Closing Executive Searches Faster
Closing executive searches faster is a priority for corporate executive search teams and search partners at leading private equity and venture capital firms. Economic uncertainty has made C-level candidates more cautious about accepting jobs. Consequently, it is taking longer to find the candidate who is ultimately hired. We have seen an uptick in clients turning to Intellerati for recruitment research and candidate sourcing support for faster executive search. To remain competitive, they want to fill senior executive openings more quickly.
Senior-level technology searches remain difficult for most corporate recruiting teams. In addition, Diversity and Inclusion initiatives have increased the work required to ensure candidate slates are genuinely diverse. Those challenges, coupled with the current economic environment, make closing executive searches faster next to impossible without additional support.
Faster Executive Search Hits Economic Headwinds
The recruiting software firm Thrive has anonymized and aggregated data from more than 31,000 compensation and search records to construct the benchmarks, statistics, and trends in its Mid-Year Executive Search Report Q2 2022. Their research confirms what we have witnessed in Intellerati’s recruiting research practice. Closing executive search quickly is more elusive at the offer stage. As technology companies see prices of their stock plummet, the compensation needed to lure candidates to a new job has skyrocketed.
As a result, some companies have trouble putting together compensation packages sufficient enough to convince candidates to make the leap. Some mid-tier publicly traded corporations and privately held companies are finding it next to impossible to close candidates. The compensation math doesn’t work. Equity is often the issue. Employers simply cannot put together compelling-enough compensation packages. Candidates seek higher cash compensation to offset the perceived risk of making a move in the current economic environment — particularly when the stock is down.
In other words, senior executive candidates have become much more risk-averse. Unless there is a reason to leave their current company, many senior leaders would rather stay. That growing sentiment works against making executive search faster. LinkedIn Recruiter lacks the rigor needed to surface the leadership hires they require. Thrive reports that it took their clients 19% longer in Q1 than it did Q4 to identify the candidate that was ultimately hired.
While there are economic warning signs, we have not seen a drop in search volume, particularly among our mid-tier clients with an average of 1-thousand employees. The supply of top-performing candidates remains constrained. In-house corporate executive search teams are turning to retained search partners such as The Good Search to hand off critical searches. For teams that prefer to lead search efforts in-house, they turn to Intellerati for recruitment research to boost their own efforts — particularly on the front end.
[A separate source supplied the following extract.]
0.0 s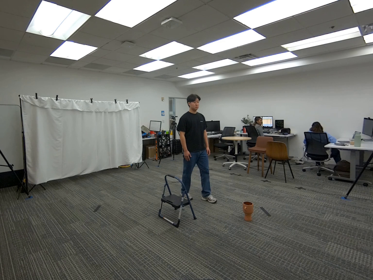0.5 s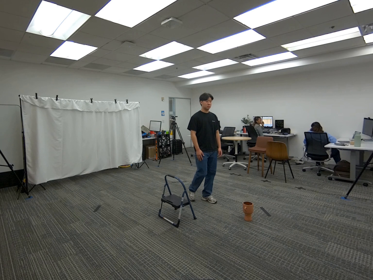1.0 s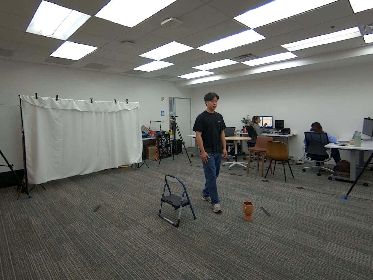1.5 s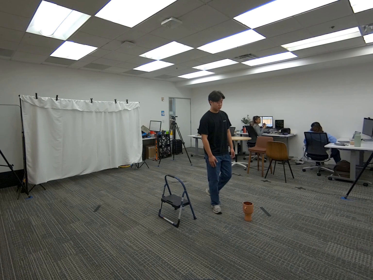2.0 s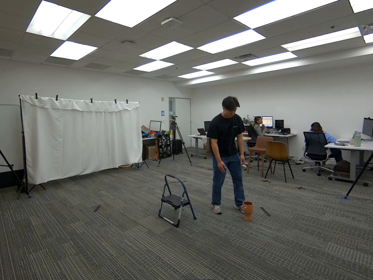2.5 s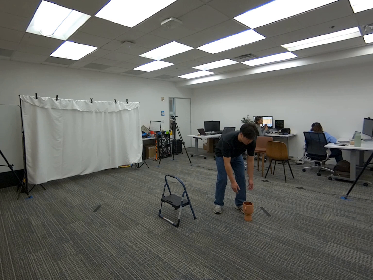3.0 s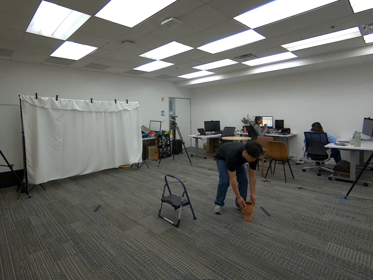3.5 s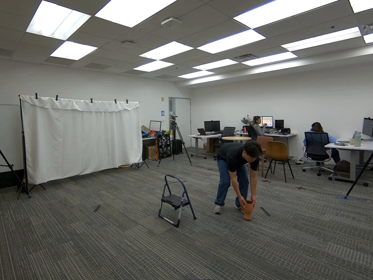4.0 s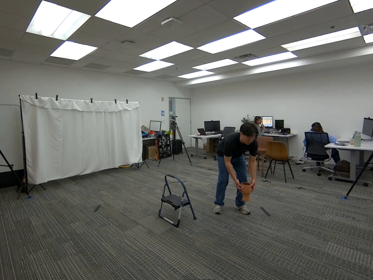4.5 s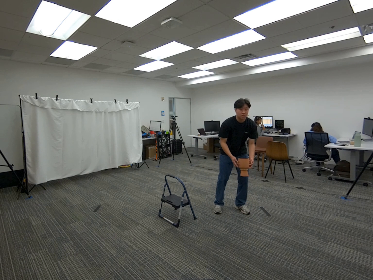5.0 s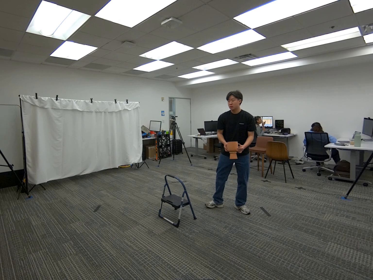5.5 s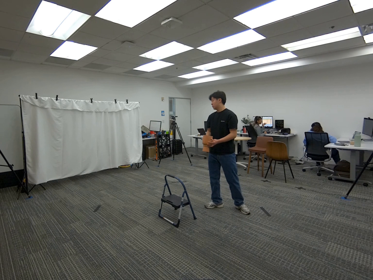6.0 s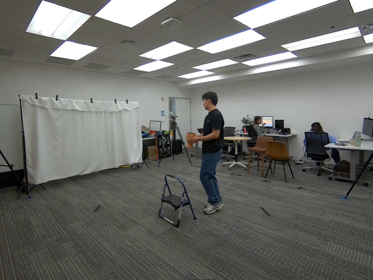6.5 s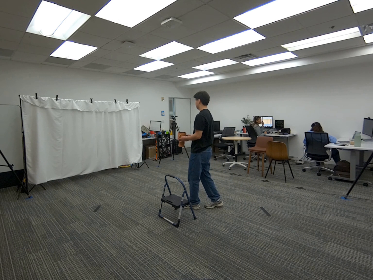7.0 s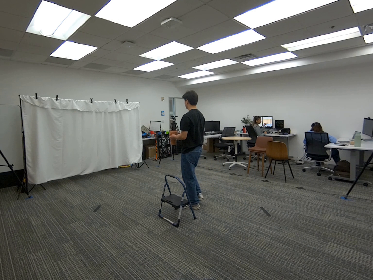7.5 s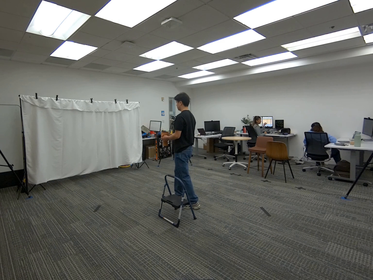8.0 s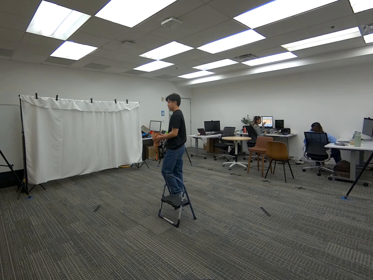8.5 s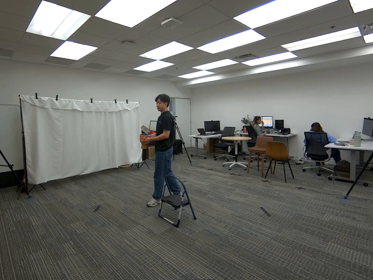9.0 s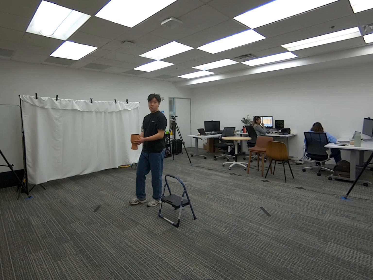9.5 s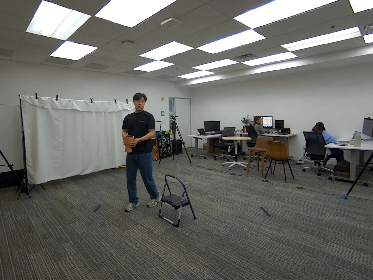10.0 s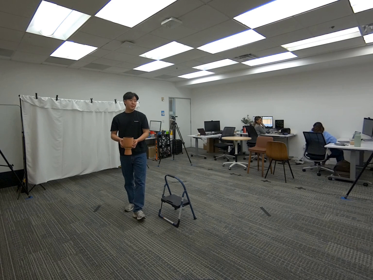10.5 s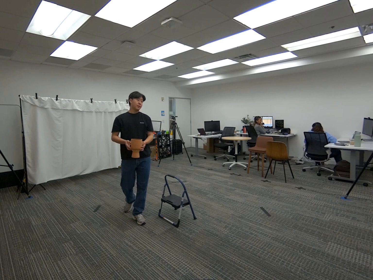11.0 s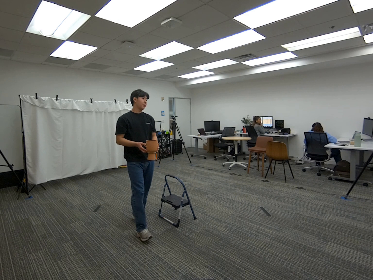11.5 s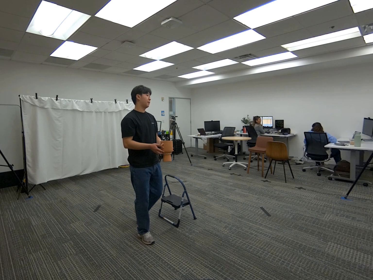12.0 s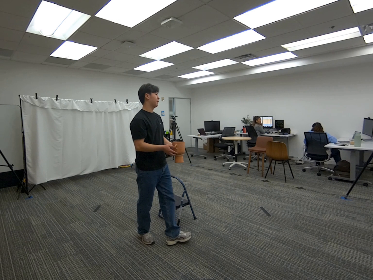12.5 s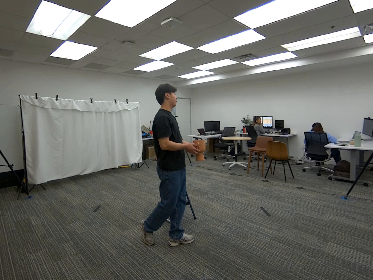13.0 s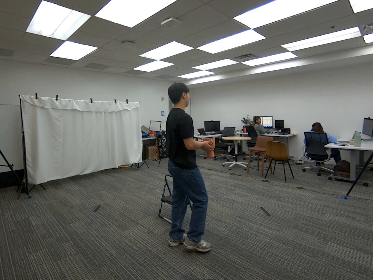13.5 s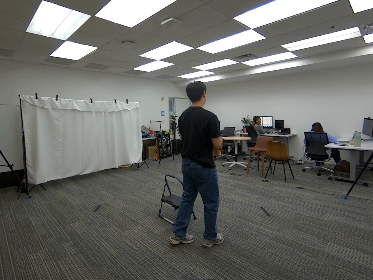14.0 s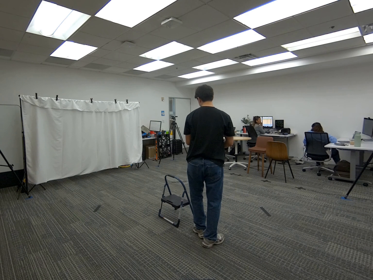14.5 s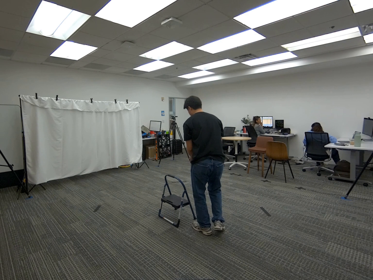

However, storm clouds are starting to gather for the 2nd half of the year. Many late-stage venture-capital-backed startups expecting to go public have shelved those plans for the time being. That, however, presents an opportunity — particularly for mid-tier and privately held companies — to poach talent from those startups. While hiring across many functions is down compared to the previous quarter, the labor market remains tight. Moreover, engineering remains a clear and constant need. The gathering storm brings opportunity, especially for research partners that work across multiple industries and specialize in technology.